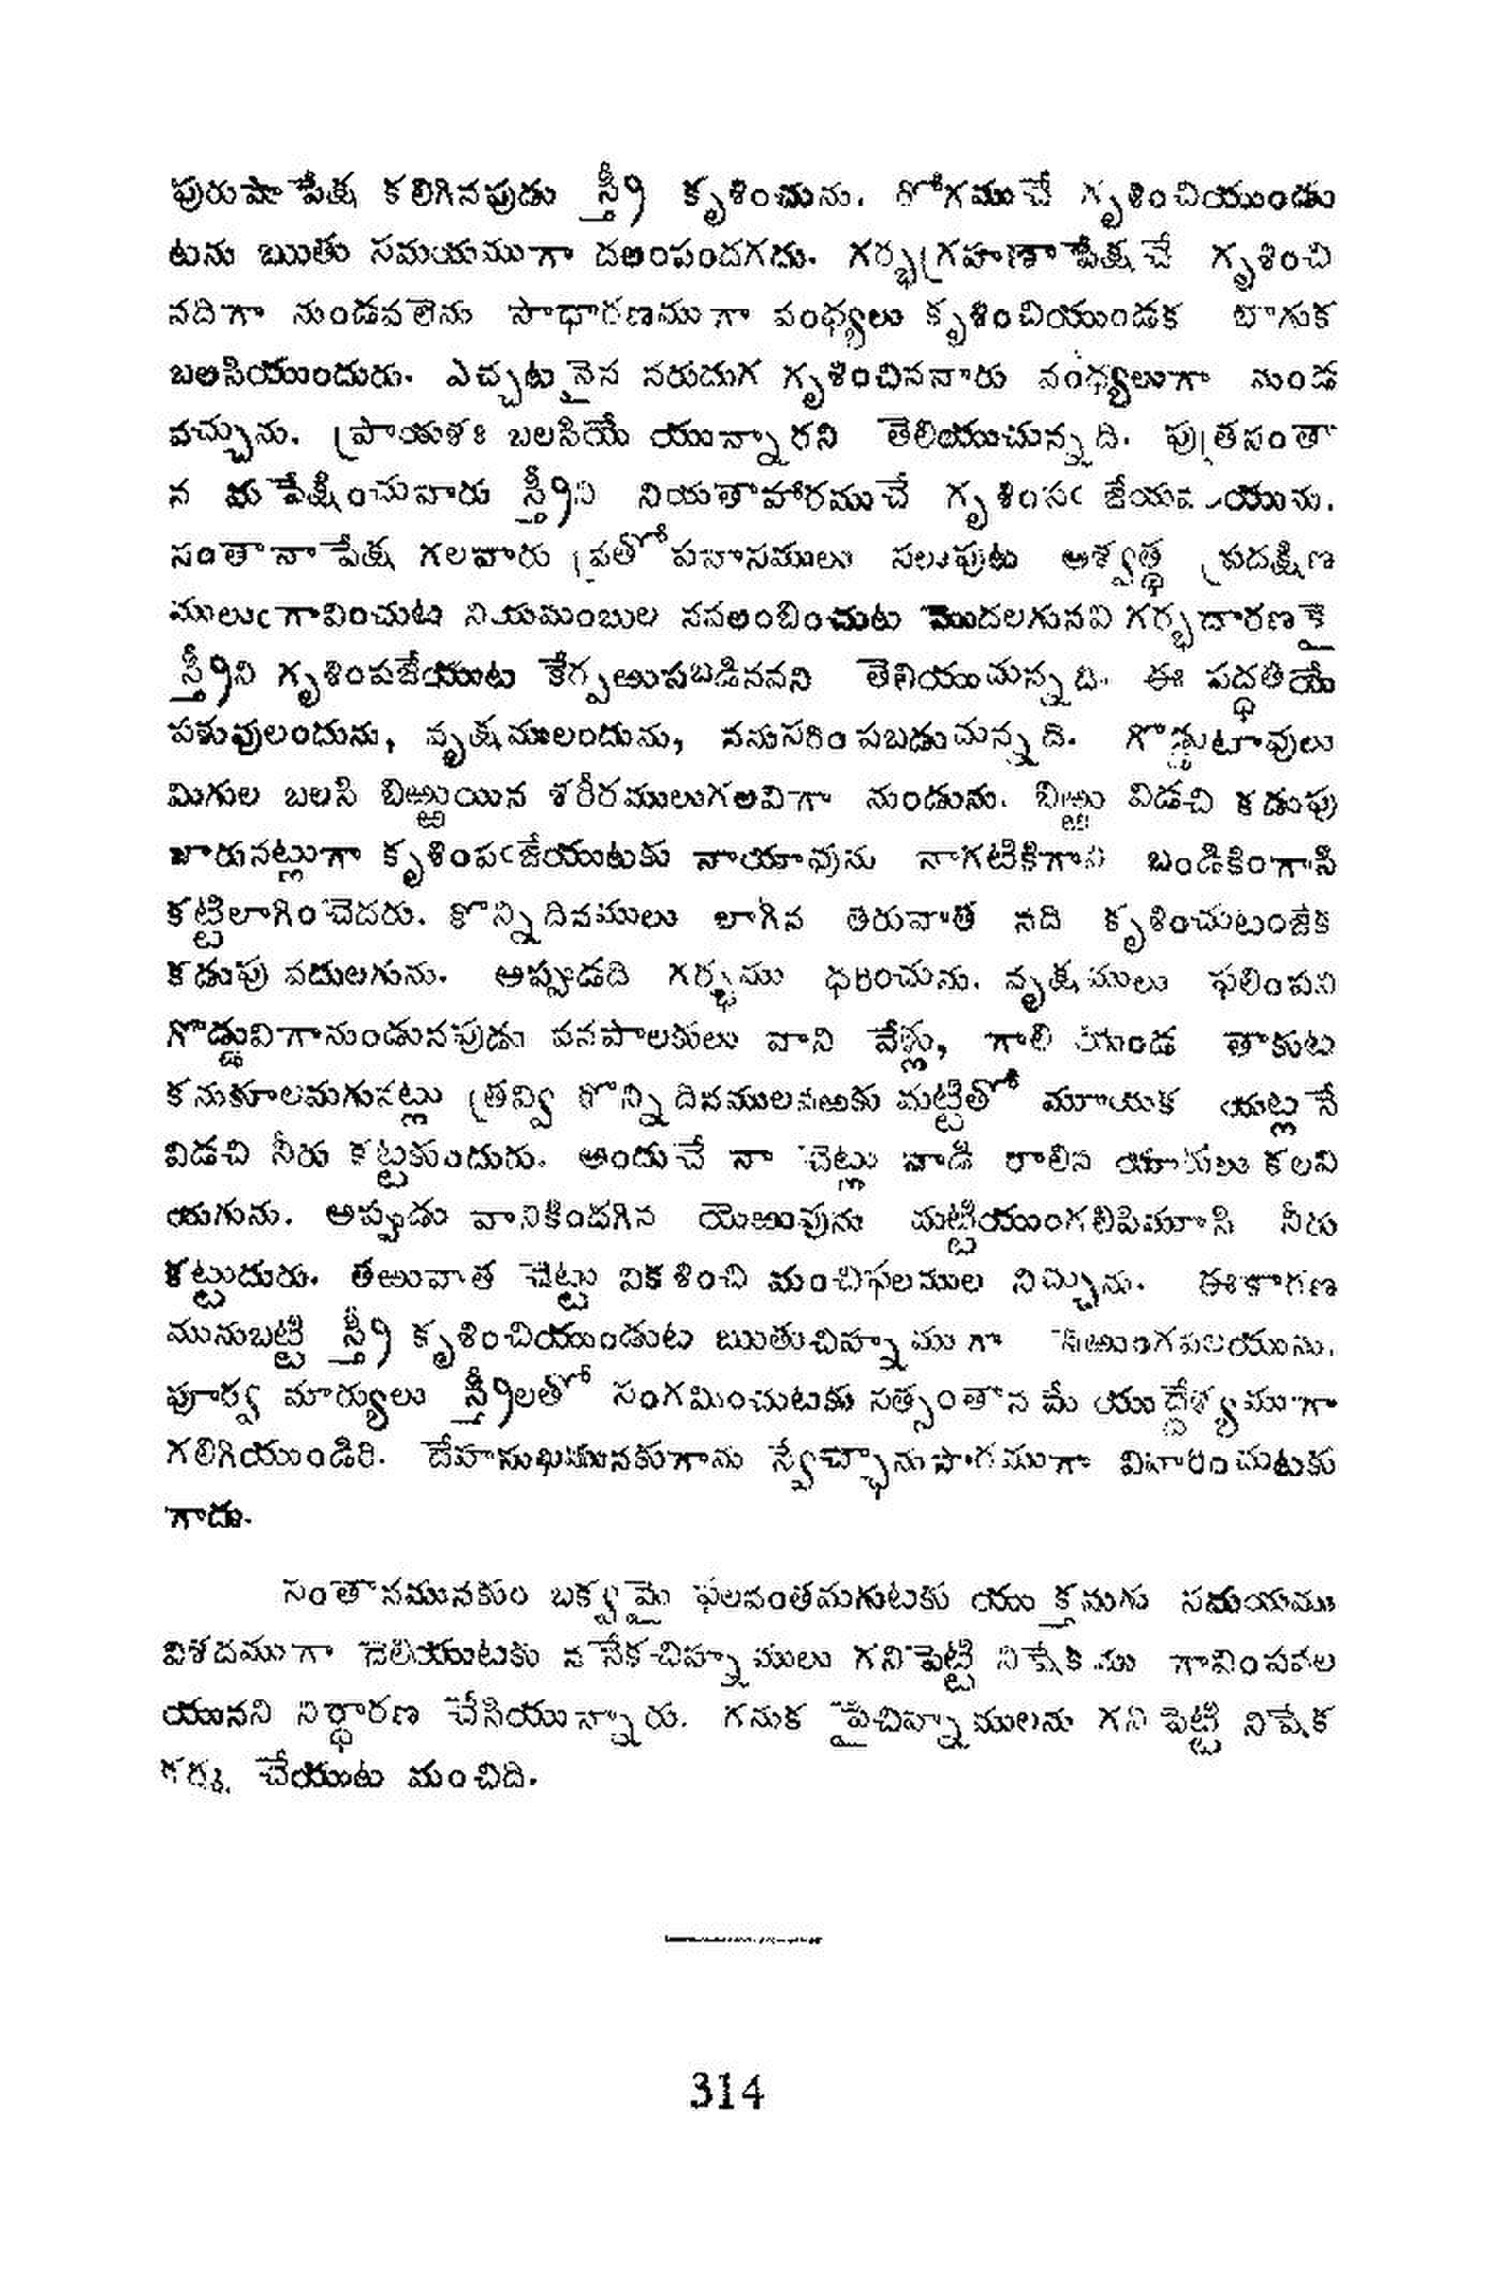పురుషాపేక్ష కలిగినపుడు స్త్రీ కృశించును. రోగముచే గృశించియుండుటను ఋతు సమయముగా దలంపదగును. గర్భగ్రహణాపేక్షచే గృశించినదిగా నుండవలెను. సాధారణముగా సంధ్యలు కృశించియుండక బాగుగ బలసియుందురు. ఎచ్చటనైన నరుదుగ గృశించినవారు సంధ్యలుగా నుండవచ్చును. ప్ర్రాయశ:బలసియే యున్నారని తెలియుచున్నది. పుత్రసంతాన మపేక్షించువారు స్త్రీని నియతాహారముచే గృశింప జేయవలయును సంతానాపేక్ష గలవారు వ్రతోపవాసములు సలుపుట అశ్వత్ధ ప్రదక్షిణములు గావించుట నియ్హమంబుల నవలంబించుట మొదలగునవి గర్భ దారణకై స్త్రీని గృశింపజేయుట కేర్పఱుపబడినవని తెలియు చున్నది. ఈ పద్దతియే పశువులందును, వృక్షములందును, ననుసరింపబడుచున్నది. గొడ్డుటావులు మిగుల బలసి బిఱ్ఱు యిన శరీరములుగలవిగా నుండును. బిఱ్ఱు విడచి కడుపు జారునట్లుగా కృశింపజేనాయావును నాగటికిగాని బండికిగాని కట్టిలాగించెదరు. కొన్నిదినములు లాగిన తరువాత నది కృశించుటంజేసి కడుపు వదులగును. అప్పుడది గర్భము ధరించున్. వృక్షములు ఫలింపని గొడ్దుగా నుండునపుడు వనపాలకులు వాని వేర్లు, గాలియుండ తాకుట కనుకూలమగునట్లు త్రవ్వి కొన్నిదినములవఱకు మట్టితో మూయక యట్లనే విడచి నీరు కట్టకుందురు. అందుచే నా చెట్లు వాడి రాలిన యాకులు కలవియగును. అప్పుడు వానికిందగిన యెఱువున్ మట్టియుంగలిపిమూసి నీరు కట్టుదురు. తఱువాత చెట్టు వికశించి మంచిఫలముల నిచ్చును. ఈకారణమునుబట్టి స్త్రీ కృశించియుండుట ఋతుచిహ్నముగా నెఱుంగననియును పూర్వ మార్యులు స్త్రీలతో సంగమించుటకు సత్సంతానమే యుద్దేశ్యముగా గలిగియుండిరి. దేహసుఖమునకుగాను స్వేచ్చానుసారముగా విహరించుటకు గాదు.

 సంతానమునకుం బక్వమై ఫలవంతమగుటకు యుక్తమగు సమయము విశదముగా దెలియుటకు ననేకచిహ్నములు గనిపెట్టి నిషేకము గావింపవలయునని నిర్ధారణ చేసియున్నారు. గనుక పైచిహ్నములను గనిపెట్టి నిషేక కర్మ చేయుట మంచిది.
 -------

● **Task objective**
What the task needs is the material above repeated exactly, pictures excepted.

● **Exercise output**
పురుషాపేక్ష కలిగినపుడు స్త్రీ కృశించును. రోగముచే గృశించియుండుటను ఋతు సమయముగా దలంపదగును. గర్భగ్రహణాపేక్షచే గృశించినదిగా నుండవలెను. సాధారణముగా సంధ్యలు కృశించియుండక బాగుగ బలసియుందురు. ఎచ్చటనైన నరుదుగ గృశించినవారు సంధ్యలుగా నుండవచ్చును. ప్ర్రాయశ:బలసియే యున్నారని తెలియుచున్నది. పుత్రసంతాన మపేక్షించువారు స్త్రీని నియతాహారముచే గృశింప జేయవలయును సంతానాపేక్ష గలవారు వ్రతోపవాసములు సలుపుట అశ్వత్ధ ప్రదక్షిణములు గావించుట నియ్హమంబుల నవలంబించుట మొదలగునవి గర్భ దారణకై స్త్రీని గృశింపజేయుట కేర్పఱుపబడినవని తెలియు చున్నది. ఈ పద్దతియే పశువులందును, వృక్షములందును, ననుసరింపబడుచున్నది. గొడ్డుటావులు మిగుల బలసి బిఱ్ఱు యిన శరీరములుగలవిగా నుండును. బిఱ్ఱు విడచి కడుపు జారునట్లుగా కృశింపజేనాయావును నాగటికిగాని బండికిగాని కట్టిలాగించెదరు. కొన్నిదినములు లాగిన తరువాత నది కృశించుటంజేసి కడుపు వదులగును. అప్పుడది గర్భము ధరించున్. వృక్షములు ఫలింపని గొడ్దుగా నుండునపుడు వనపాలకులు వాని వేర్లు, గాలియుండ తాకుట కనుకూలమగునట్లు త్రవ్వి కొన్నిదినములవఱకు మట్టితో మూయక యట్లనే విడచి నీరు కట్టకుందురు. అందుచే నా చెట్లు వాడి రాలిన యాకులు కలవియగును. అప్పుడు వానికిందగిన యెఱువున్ మట్టియుంగలిపిమూసి నీరు కట్టుదురు. తఱువాత చెట్టు వికశించి మంచిఫలముల నిచ్చును. ఈకారణమునుబట్టి స్త్రీ కృశించియుండుట ఋతుచిహ్నముగా నెఱుంగననియును పూర్వ మార్యులు స్త్రీలతో సంగమించుటకు సత్సంతానమే యుద్దేశ్యముగా గలిగియుండిరి. దేహసుఖమునకుగాను స్వేచ్చానుసారముగా విహరించుటకు గాదు.

 సంతానమునకుం బక్వమై ఫలవంతమగుటకు యుక్తమగు సమయము విశదముగా దెలియుటకు ననేకచిహ్నములు గనిపెట్టి నిషేకము గావింపవలయునని నిర్ధారణ చేసియున్నారు. గనుక పైచిహ్నములను గనిపెట్టి నిషేక కర్మ చేయుట మంచిది.
 -------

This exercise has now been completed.